Novell customers praise roadmap

03.11.2005
Novell Inc. took major restructuring steps this week by announcing the layoff of 600 workers, promoting an insider to serve as the company's new president and deciding to focus on three basic market segments, including Linux.

Longtime Novell customers took the news in stride, having weathered management transitions and market downturns with Novell over the years. In interviews with 10 Novell customers, several said they wished Novell SUSE Linux had taken a bigger market share by now. Others worried that the layoffs could hit Novell sales representatives and developers who they work with and know well.

But all of the customers said they remain loyal to Novell's products, the company as a whole and its Linux strategy. "Even with the layoffs, I'm not seeing any major changes coming. They've still got the best products out there," said Brad Staupp, senior support analyst at Johnson County Community College in Overland Park, Kan. Staupp said he has beta-tested Novell products for years with a core group of Novell developers that he hopes will remain at the company.

The layoffs comprise more than 10 percent of Novell's 5,800-person global workforce, and are part of an overall restructuring that is expected to reduce annual expenses by more than US$110 million, according to Novell CEO Jack Messman. He called the layoffs part of a restructuring designed to focus on key growth areas in Linux and open-source products as well as identity and resource management products.

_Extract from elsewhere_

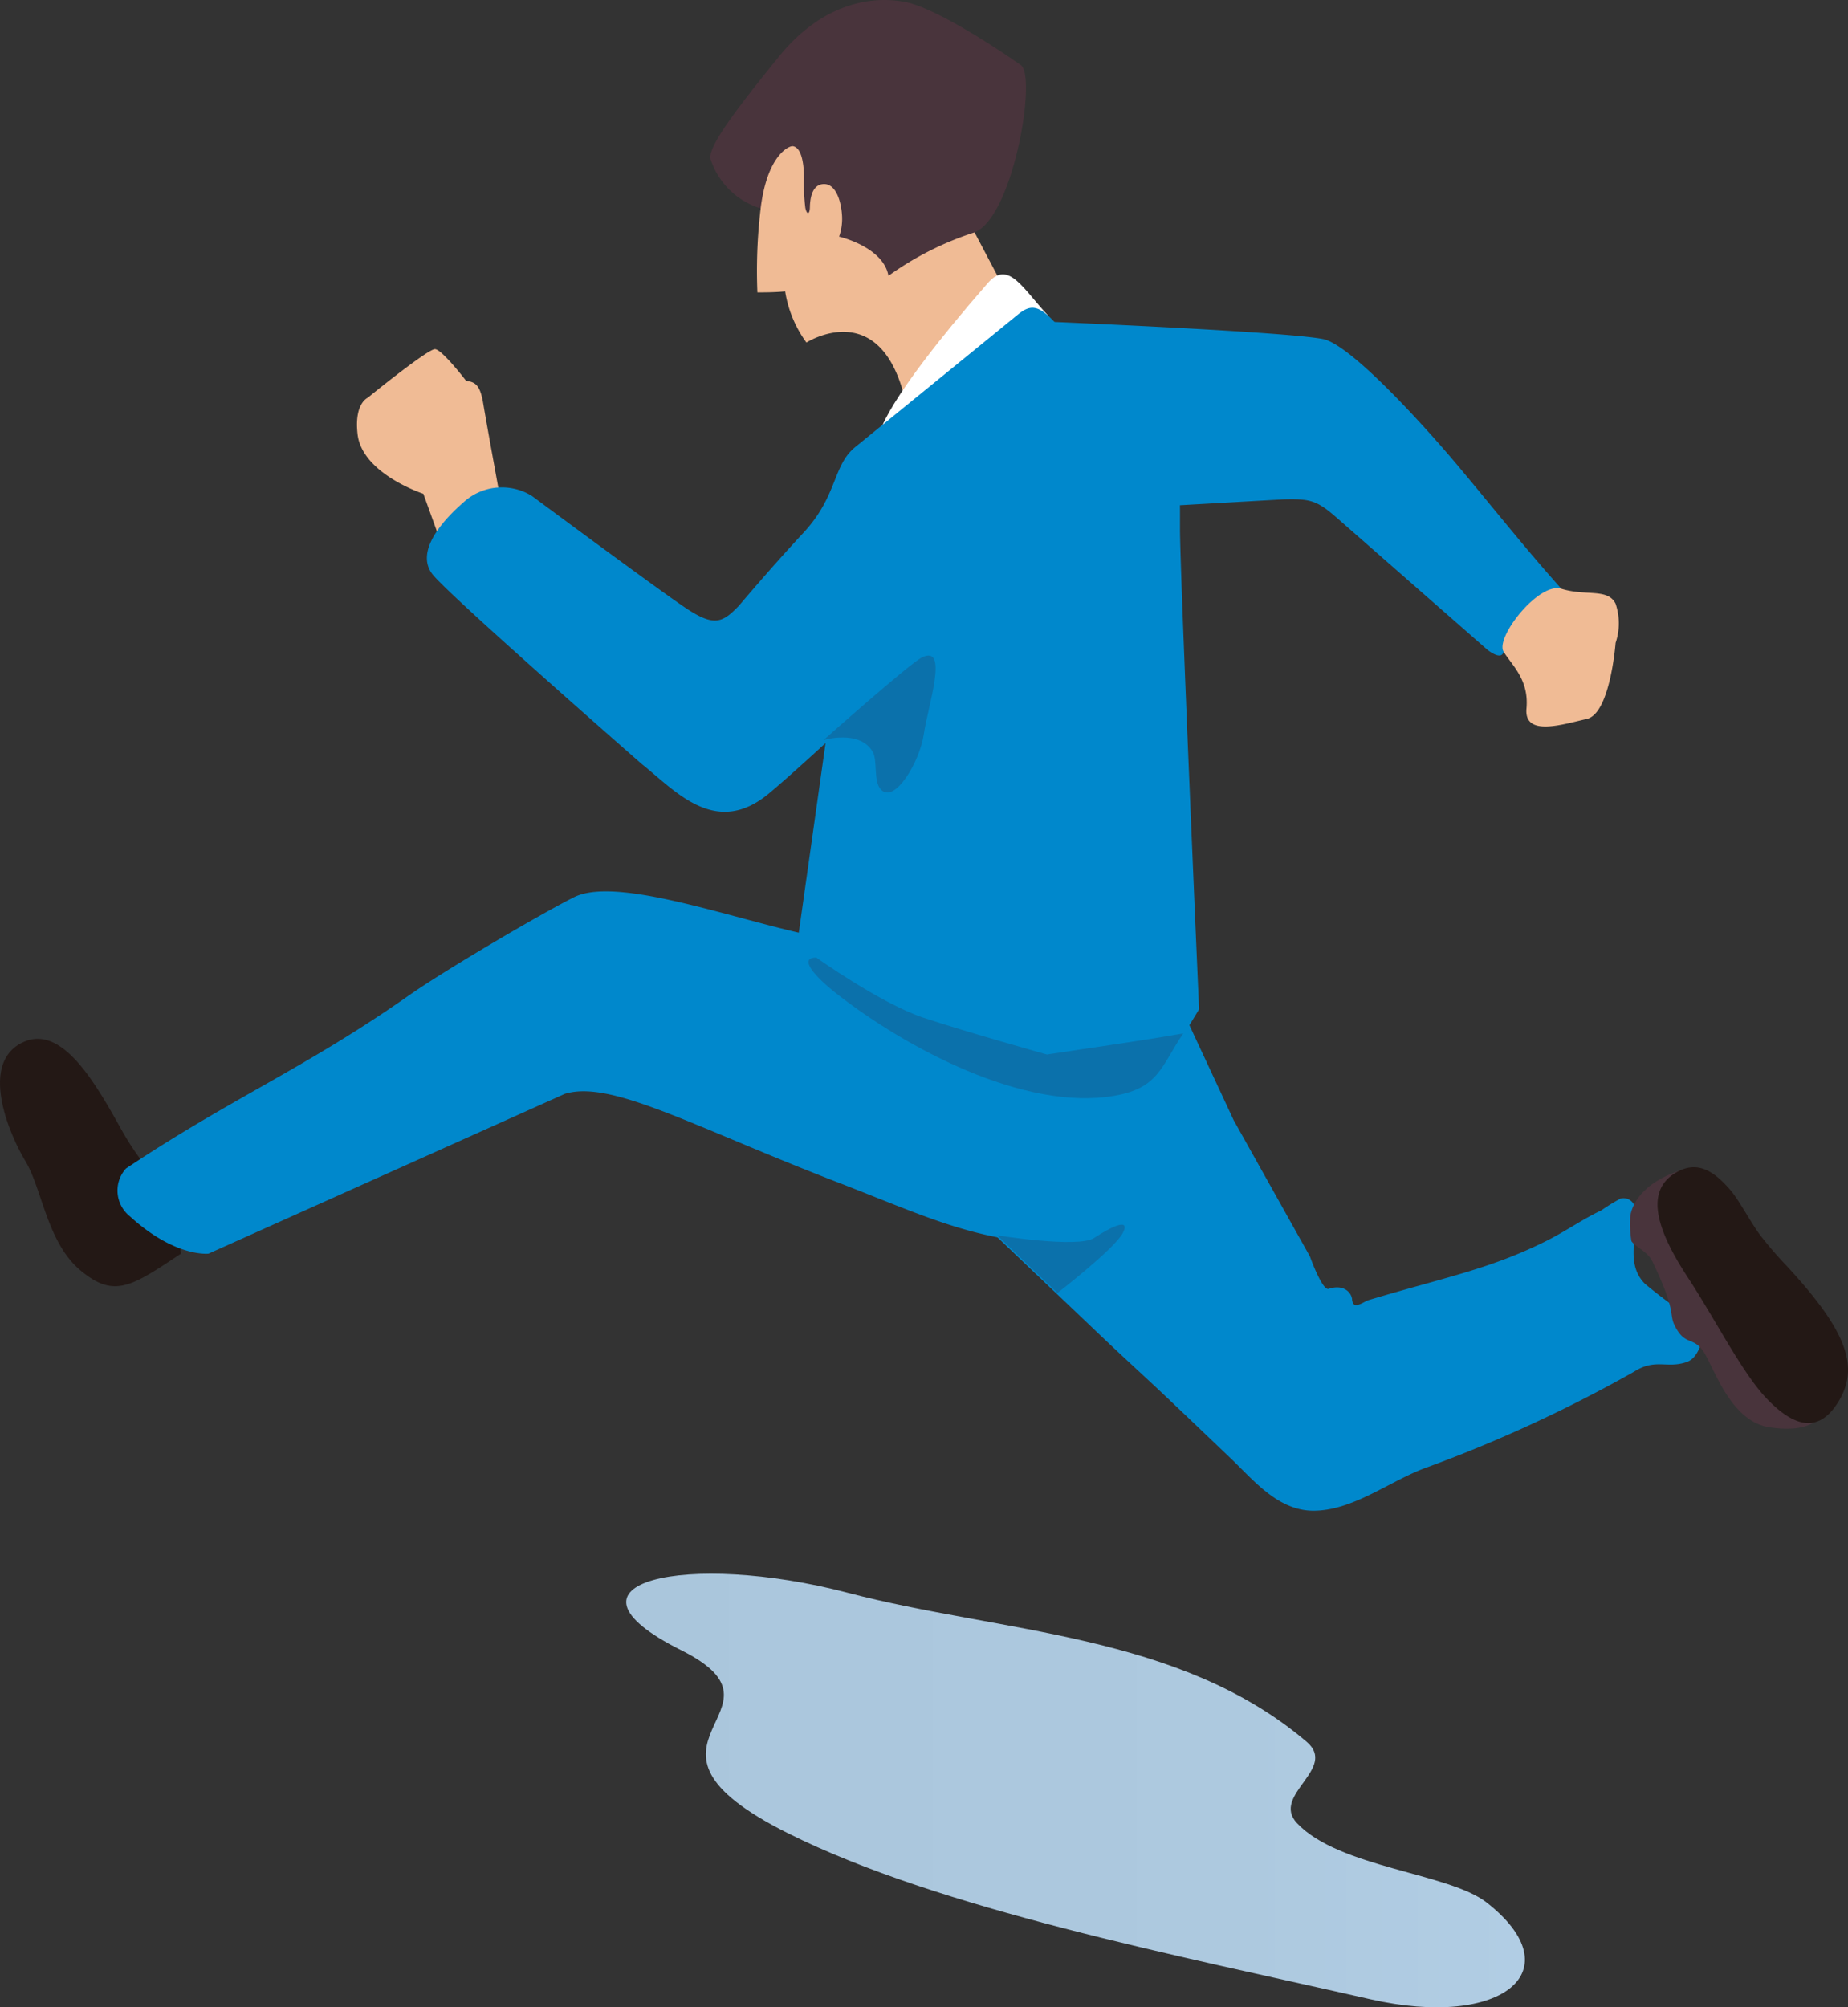 <svg xmlns="http://www.w3.org/2000/svg" width="132.035" height="143.412"><rect width="100%" height="100%" fill="#333333" stroke="none"/><defs><style>.a{fill:#f0bb95}.c{fill:#08c}.d{fill:#49343c}</style><linearGradient id="a" x1="44.741" y1="127.922" x2="108.945" y2="127.922" gradientUnits="userSpaceOnUse"><stop offset=".001" stop-color="#aac6dc"/><stop offset=".682" stop-color="#adc9df"/><stop offset="1" stop-color="#b1cde4"/></linearGradient></defs><path class="a" d="M35.736 35.576s-.98-5.344-1.212-6.756-.633-1.52-1.224-1.615c0 0-1.726-2.254-2.225-2.259s-4.337 3.088-4.8 3.472c0 0-.985.4-.727 2.613.328 2.822 4.7 4.248 4.7 4.248l1.2 3.326m22.899-23.711c-.018.149-.036.3-.052.46a37.515 37.515 0 0 0-.181 5.534s1.133.017 1.983-.07a8.446 8.446 0 0 0 1.52 3.654s5.219-3.335 7.018 3.952l7.932-6.253-3.46-6.558-2.776-2.628-9.86-4.332-2.879 1.993.605 3.725"/><path d="M74.921 22.583c-1.818-1.908-2.855-4.064-4.339-2.365C63 28.9 62.844 31 62.844 31l11.495-6.36.582-2.057" fill="#fff"/><path class="c" d="M59.291 50.918l-2.375 16.817c-.295.756-.421 1.093.861 2.185s3.928 3.151 3.928 3.151c.525.5 15.453 7.532 17.217 7.511s6.75-8.477 6.75-8.477-1.367-31.125-1.365-34.349.088-4.148-1.574-5.967c0 0-5.886-7.091-7.2-8.574s-1.9-1.464-2.773-.77l-11.615 9.464c-1.668 1.31-1.273 3.5-3.735 6.148-2.31 2.483-4.61 5.213-4.61 5.213-1.166 1.212-1.756 1.544-3.818.162s-10.98-8-10.98-8a4.063 4.063 0 0 0-4.664.265c-2.187 1.851-3.547 3.877-2.451 5.317s14.951 13.56 14.951 13.56c2.452 1.958 5.3 5.3 9.131 2.09s13.513-12.515 13.513-12.515"/><path class="d" d="M59.957 16.916h-.001.001zM72.938 4.653c-.71-.507-5.953-4.13-8.366-4.532-.791-.132-5.017-.881-8.91 3.91-3.724 4.584-5.162 6.687-4.873 7.4a5.431 5.431 0 0 0 3.552 3.457h.006c.464-3.795 2.028-4.489 2.306-4.444.9.149.783 2.489.783 2.489a14.846 14.846 0 0 0 .1 1.9c.105.544.329.516.33-.074.026-.811.248-1.552.943-1.606.89-.069 1.268 1.175 1.343 2.133a3.836 3.836 0 0 1-.2 1.621c.008 0 3.155.725 3.527 2.8a22.136 22.136 0 0 1 6.1-3.087c2.776-.965 4.521-11.135 3.359-11.967z"/><path class="c" d="M74.581 22.97s16.979.7 19.92 1.246c2.021.376 7.4 6.366 9.612 9 2.482 2.95 4.869 5.981 7.444 8.85.5.56-1.884.7-2.867 2.1a7.453 7.453 0 0 0-1.264 2.387c-.14.7-1.163-.137-1.163-.137L95.5 36.985c-1.427-1.251-1.908-1.356-3.811-1.308l-11.283.642M68.064 85.352l10.154 9.67c2.563 2.441 3.317 3.074 5.881 5.514q1.923 1.83 3.841 3.664c1.627 1.555 3.374 3.732 5.9 3.735 2.8 0 5.4-2.084 7.951-3.041a99.941 99.941 0 0 0 14.948-6.888c1.537-.972 2.3-.226 3.712-.674.978-.309 1.046-1.536 1.608-2.388a36.636 36.636 0 0 1-4.537-3.226c-1.373-1.41-.537-3.192-.735-5.034a.825.825 0 0 0-1.023-1.043 14.216 14.216 0 0 0-1.358.838c-1.316.617-2.463 1.437-3.8 2.117-4.083 2.069-7.344 2.648-12.856 4.3-.234.07-.878.574-1.08.212a.854.854 0 0 1-.07-.308c-.064-.479-.623-1.068-1.676-.717-.333.111-.949-1.256-1.334-2.317l-5.448-9.733-3.233-6.942"/><path class="d" d="M129.845 101.376s-.647 1.009-3.4.6c-2.537-.375-3.71-3.5-4.54-5.081s-1.467-.569-2.267-2.22c-.4-.818.157-.963-1.595-4.577-.321-.66-1.185-1.013-1.48-1.418a7.319 7.319 0 0 1-.093-1.583c-.013-.734.676-2.716 4.1-3.62l7.354 13.107z"/><path d="M119.856 83.713c-2.586 1.39-1.246 4.531.744 7.568s3.9 6.871 5.691 8.709c1.836 1.886 3.553 2.438 4.948.327 1.688-2.555.783-5.157-3.578-9.867a27.675 27.675 0 0 1-1.923-2.234c-.715-.976-1.485-2.476-2.134-3.224-1.158-1.334-2.304-2.057-3.748-1.279zM12.928 89.569c-3.586 2.391-4.781 3.188-7.172 1.2s-2.743-5.819-3.939-7.811-3.193-6.783-.4-8.377 5.186 2.4 7.178 5.986 3.586 4.383 3.586 4.383" fill="#231815"/><path class="c" d="M59.452 67.1c-5.381-.78-15.071-4.681-18.441-3-2.146 1.073-8.987 5.055-11.8 7.021C21.774 76.337 16.579 78.429 9 83.484a2.354 2.354 0 0 0 .28 3.417c3.23 2.949 5.617 2.668 5.617 2.668l25.462-11.42c3.308-1 9.042 2.289 19.527 6.337 5.871 2.267 9.783 4.2 15.295 4.334 3.685.088 5.471-10.122 8.056-12.755"/><path d="M74.8 75.34s-5.726-1.6-8.8-2.621-7.676-4.306-7.676-4.306c-1.31 0-.12 1.358 1.5 2.621 4.856 3.791 13.322 8.38 19.8 7.254 3.178-.552 3.341-2.126 4.915-4.456-3.231.568-6.492 1.009-9.739 1.508zM58.843 52.874s6.115-5.444 7.021-5.9c1.966-.983.421 3.51.14 5.476s-2.106 5.055-3.089 3.931c-.52-.594-.206-2.058-.561-2.667-.944-1.614-3.511-.84-3.511-.84zm12.403 35.384s5.8.936 6.928.188 2.621-1.5 2.059-.375-4.681 4.306-4.681 4.306z" fill="#0b71ab"/><path class="a" d="M111.557 42.064c1.757.544 3.31-.059 3.872 1.065a4.389 4.389 0 0 1 0 2.808s-.375 5.055-2.06 5.429-4.493 1.311-4.306-.749-1.027-3.068-1.637-4.061 2.507-4.995 4.131-4.492z"/><path d="M93.352 124.438c-9.141-7.766-21.776-7.757-32.829-10.655-11.3-2.965-21.691-.8-11.849 4.119 8.718 4.359-5.449 6.539 7.629 13.078 10.836 5.417 27.789 8.717 41.6 11.855 9.455 2.148 14.528-2.048 8.316-6.908-2.712-2.122-10.541-2.48-13.547-5.665-1.91-2.019 2.955-3.892.68-5.824z" fill="url(#a)"/></svg>

Waltham, Mass.-based Novell also promoted Ron Hovsepian to be president and chief operating officer, giving Hovsepian direct responsibility for product development, marketing, sales and services. Hovsepian joined Novell in June 2003 and had recently been president of global sales and services.

"Hovsepian has overseen results in the North American sales force, and with Messman getting older, it will be good for Novell to have somebody as good as Hovsepian in place" as a potential successor, said James Taylor, president of The East Cobb Group Inc. in Marietta, Ga., an integrator of Novell products with more than 30 customers.